* **Task details**: Output only an exact transcription of the line containing "3.6 s after image 1." and all lines that follow it in the data below.

***** Data for processing *****

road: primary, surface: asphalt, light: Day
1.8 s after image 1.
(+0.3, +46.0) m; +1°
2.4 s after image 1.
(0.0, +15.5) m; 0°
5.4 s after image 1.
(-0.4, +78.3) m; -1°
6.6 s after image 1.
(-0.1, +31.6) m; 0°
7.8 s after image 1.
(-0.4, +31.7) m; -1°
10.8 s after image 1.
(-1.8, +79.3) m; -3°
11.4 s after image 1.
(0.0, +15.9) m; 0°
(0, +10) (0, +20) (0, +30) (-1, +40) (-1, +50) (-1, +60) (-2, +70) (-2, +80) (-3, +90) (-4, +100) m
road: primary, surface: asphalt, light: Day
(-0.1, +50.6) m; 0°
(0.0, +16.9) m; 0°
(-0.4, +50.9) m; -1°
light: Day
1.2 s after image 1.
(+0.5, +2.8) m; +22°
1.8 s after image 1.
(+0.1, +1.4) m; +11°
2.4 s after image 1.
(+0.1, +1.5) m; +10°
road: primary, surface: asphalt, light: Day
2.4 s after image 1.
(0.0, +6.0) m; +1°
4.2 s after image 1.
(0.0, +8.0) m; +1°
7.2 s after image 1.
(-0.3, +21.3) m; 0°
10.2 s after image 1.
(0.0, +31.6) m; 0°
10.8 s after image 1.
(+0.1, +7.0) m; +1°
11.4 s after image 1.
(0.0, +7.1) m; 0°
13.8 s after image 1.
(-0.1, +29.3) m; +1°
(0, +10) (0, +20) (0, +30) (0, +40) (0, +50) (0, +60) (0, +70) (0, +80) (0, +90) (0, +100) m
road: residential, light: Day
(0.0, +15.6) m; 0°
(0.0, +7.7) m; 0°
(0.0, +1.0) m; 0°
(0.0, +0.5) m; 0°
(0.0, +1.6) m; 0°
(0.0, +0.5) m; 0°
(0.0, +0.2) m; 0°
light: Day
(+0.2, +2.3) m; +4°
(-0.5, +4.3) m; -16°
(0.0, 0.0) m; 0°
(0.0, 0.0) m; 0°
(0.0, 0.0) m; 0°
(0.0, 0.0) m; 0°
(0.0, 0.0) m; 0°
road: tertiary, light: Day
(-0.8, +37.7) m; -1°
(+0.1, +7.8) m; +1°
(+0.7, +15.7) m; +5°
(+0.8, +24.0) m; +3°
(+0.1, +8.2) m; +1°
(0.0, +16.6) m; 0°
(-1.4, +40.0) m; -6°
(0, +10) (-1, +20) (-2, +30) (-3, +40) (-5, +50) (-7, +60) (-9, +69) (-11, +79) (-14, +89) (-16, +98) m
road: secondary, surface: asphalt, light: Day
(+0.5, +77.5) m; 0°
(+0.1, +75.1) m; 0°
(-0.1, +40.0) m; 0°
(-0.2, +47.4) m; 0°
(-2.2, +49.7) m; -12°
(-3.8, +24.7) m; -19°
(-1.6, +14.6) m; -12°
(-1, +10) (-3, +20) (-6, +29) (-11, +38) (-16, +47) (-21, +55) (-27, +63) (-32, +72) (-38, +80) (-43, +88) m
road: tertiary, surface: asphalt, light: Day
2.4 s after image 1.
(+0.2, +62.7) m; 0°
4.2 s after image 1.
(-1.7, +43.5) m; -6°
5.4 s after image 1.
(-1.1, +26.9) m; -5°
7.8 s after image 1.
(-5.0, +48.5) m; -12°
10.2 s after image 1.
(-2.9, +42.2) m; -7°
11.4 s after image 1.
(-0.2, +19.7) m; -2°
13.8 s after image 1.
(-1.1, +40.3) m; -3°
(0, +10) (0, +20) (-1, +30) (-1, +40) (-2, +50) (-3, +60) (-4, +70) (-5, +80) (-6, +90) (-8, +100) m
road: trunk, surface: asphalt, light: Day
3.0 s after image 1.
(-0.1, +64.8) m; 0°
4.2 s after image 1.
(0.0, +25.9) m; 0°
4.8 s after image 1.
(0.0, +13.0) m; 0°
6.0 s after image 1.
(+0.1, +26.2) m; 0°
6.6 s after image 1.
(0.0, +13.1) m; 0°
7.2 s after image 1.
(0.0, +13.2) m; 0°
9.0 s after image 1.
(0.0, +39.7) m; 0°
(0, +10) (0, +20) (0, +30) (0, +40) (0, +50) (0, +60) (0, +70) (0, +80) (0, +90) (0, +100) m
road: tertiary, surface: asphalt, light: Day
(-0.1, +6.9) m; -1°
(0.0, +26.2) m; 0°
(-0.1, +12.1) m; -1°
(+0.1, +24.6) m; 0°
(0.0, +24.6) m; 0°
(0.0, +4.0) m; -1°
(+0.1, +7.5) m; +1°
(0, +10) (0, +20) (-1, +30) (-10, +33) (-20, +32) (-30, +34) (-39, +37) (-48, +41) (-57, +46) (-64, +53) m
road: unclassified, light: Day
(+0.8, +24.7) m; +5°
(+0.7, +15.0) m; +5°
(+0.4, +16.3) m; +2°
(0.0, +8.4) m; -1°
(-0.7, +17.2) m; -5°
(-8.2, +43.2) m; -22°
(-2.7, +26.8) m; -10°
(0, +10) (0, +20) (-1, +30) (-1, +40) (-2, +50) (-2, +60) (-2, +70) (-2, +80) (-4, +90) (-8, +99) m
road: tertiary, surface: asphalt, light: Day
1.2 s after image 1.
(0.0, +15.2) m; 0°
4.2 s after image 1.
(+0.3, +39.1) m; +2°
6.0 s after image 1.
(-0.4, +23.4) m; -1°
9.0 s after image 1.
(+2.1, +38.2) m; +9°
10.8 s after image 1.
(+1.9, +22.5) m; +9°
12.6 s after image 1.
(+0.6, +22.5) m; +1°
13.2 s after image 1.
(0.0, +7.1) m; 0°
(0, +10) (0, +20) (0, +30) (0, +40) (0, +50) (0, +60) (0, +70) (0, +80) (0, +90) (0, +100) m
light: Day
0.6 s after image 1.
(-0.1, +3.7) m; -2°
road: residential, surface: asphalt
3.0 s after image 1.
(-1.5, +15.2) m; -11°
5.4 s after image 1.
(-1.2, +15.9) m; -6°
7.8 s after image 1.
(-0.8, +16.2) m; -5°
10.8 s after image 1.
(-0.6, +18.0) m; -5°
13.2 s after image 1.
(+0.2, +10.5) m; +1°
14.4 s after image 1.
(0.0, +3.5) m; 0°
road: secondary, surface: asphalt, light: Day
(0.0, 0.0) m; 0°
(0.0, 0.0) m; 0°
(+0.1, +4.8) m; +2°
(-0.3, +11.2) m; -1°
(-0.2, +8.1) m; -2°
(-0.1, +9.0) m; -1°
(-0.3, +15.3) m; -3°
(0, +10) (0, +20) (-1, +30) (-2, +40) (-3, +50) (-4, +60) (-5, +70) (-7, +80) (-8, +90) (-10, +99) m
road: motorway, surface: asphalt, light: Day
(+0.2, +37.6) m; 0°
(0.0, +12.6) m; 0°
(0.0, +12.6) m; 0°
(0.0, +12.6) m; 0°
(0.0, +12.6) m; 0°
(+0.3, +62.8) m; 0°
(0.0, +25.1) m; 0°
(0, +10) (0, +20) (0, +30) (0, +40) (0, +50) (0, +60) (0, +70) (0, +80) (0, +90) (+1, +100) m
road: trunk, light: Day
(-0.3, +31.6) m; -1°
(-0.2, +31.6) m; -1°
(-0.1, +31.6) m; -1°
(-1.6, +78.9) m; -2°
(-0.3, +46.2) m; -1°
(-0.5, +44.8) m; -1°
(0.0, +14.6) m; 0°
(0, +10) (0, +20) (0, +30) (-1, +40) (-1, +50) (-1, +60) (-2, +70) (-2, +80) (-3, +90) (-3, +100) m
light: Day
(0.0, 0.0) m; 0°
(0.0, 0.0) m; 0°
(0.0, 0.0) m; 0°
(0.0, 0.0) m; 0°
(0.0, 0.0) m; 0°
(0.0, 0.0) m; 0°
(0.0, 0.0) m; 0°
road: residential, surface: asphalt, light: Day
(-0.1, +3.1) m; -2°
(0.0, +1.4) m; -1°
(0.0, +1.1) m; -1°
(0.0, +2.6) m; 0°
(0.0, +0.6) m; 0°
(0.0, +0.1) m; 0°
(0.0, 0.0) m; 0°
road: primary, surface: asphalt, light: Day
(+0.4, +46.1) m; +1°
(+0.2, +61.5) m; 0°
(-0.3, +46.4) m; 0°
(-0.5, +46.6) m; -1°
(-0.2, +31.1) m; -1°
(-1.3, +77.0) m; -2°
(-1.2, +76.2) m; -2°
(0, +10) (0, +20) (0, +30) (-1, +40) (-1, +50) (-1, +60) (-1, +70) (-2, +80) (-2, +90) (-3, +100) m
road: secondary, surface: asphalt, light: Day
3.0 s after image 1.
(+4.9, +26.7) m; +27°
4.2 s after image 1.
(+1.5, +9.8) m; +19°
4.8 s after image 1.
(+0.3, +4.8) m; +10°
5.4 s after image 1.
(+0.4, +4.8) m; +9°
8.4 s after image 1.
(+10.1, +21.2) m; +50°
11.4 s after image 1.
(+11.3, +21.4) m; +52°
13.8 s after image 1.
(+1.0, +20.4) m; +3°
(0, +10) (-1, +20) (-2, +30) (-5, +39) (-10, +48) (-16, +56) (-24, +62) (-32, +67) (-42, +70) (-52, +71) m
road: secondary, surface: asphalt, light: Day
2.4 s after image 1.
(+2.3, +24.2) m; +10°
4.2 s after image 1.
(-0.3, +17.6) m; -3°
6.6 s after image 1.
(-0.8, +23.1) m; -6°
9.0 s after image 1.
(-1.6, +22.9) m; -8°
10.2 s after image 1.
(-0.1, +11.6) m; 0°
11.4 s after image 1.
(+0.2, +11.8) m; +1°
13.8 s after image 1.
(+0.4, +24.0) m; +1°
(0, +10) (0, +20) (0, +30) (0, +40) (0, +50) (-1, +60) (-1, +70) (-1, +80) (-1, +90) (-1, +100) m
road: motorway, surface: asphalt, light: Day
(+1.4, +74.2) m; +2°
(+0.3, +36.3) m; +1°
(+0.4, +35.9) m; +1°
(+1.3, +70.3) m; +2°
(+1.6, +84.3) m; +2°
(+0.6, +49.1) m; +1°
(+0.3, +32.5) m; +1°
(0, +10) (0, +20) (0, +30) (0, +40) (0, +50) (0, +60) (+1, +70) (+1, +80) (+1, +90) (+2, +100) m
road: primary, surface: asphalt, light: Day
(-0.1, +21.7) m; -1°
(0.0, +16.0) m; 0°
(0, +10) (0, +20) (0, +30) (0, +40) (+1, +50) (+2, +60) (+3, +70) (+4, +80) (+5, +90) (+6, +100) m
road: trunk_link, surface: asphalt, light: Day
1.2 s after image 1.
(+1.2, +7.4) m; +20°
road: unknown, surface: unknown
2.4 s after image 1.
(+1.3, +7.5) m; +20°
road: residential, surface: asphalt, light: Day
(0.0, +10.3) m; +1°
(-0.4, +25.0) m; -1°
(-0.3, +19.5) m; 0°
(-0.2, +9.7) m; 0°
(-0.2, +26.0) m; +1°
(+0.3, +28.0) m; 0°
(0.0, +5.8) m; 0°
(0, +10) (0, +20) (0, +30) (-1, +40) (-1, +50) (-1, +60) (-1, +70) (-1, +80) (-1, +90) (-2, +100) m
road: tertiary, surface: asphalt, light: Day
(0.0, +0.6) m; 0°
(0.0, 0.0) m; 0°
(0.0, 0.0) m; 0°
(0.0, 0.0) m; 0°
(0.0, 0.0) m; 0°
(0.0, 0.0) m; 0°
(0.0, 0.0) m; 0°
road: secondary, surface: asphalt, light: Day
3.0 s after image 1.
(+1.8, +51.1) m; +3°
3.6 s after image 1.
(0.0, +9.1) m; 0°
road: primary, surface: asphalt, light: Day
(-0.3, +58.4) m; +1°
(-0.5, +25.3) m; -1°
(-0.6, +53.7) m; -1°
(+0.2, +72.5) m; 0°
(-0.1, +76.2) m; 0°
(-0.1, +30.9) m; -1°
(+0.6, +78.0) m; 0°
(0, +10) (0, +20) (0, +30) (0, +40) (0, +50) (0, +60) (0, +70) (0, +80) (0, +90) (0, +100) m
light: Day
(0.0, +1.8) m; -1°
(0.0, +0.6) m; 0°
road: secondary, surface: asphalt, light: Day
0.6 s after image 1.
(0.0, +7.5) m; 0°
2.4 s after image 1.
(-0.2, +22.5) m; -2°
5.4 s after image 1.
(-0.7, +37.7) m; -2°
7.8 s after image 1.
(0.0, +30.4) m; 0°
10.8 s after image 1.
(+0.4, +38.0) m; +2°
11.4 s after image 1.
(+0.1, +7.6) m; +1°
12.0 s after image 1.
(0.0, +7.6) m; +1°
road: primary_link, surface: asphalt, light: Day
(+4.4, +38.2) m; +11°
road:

*****

* **Expected output**:
3.6 s after image 1.
(0.0, +9.1) m; 0°
road: primary, surface: asphalt, light: Day
(-0.3, +58.4) m; +1°
(-0.5, +25.3) m; -1°
(-0.6, +53.7) m; -1°
(+0.2, +72.5) m; 0°
(-0.1, +76.2) m; 0°
(-0.1, +30.9) m; -1°
(+0.6, +78.0) m; 0°
(0, +10) (0, +20) (0, +30) (0, +40) (0, +50) (0, +60) (0, +70) (0, +80) (0, +90) (0, +100) m
light: Day
(0.0, +1.8) m; -1°
(0.0, +0.6) m; 0°
road: secondary, surface: asphalt, light: Day
0.6 s after image 1.
(0.0, +7.5) m; 0°
2.4 s after image 1.
(-0.2, +22.5) m; -2°
5.4 s after image 1.
(-0.7, +37.7) m; -2°
7.8 s after image 1.
(0.0, +30.4) m; 0°
10.8 s after image 1.
(+0.4, +38.0) m; +2°
11.4 s after image 1.
(+0.1, +7.6) m; +1°
12.0 s after image 1.
(0.0, +7.6) m; +1°
road: primary_link, surface: asphalt, light: Day
(+4.4, +38.2) m; +11°
road:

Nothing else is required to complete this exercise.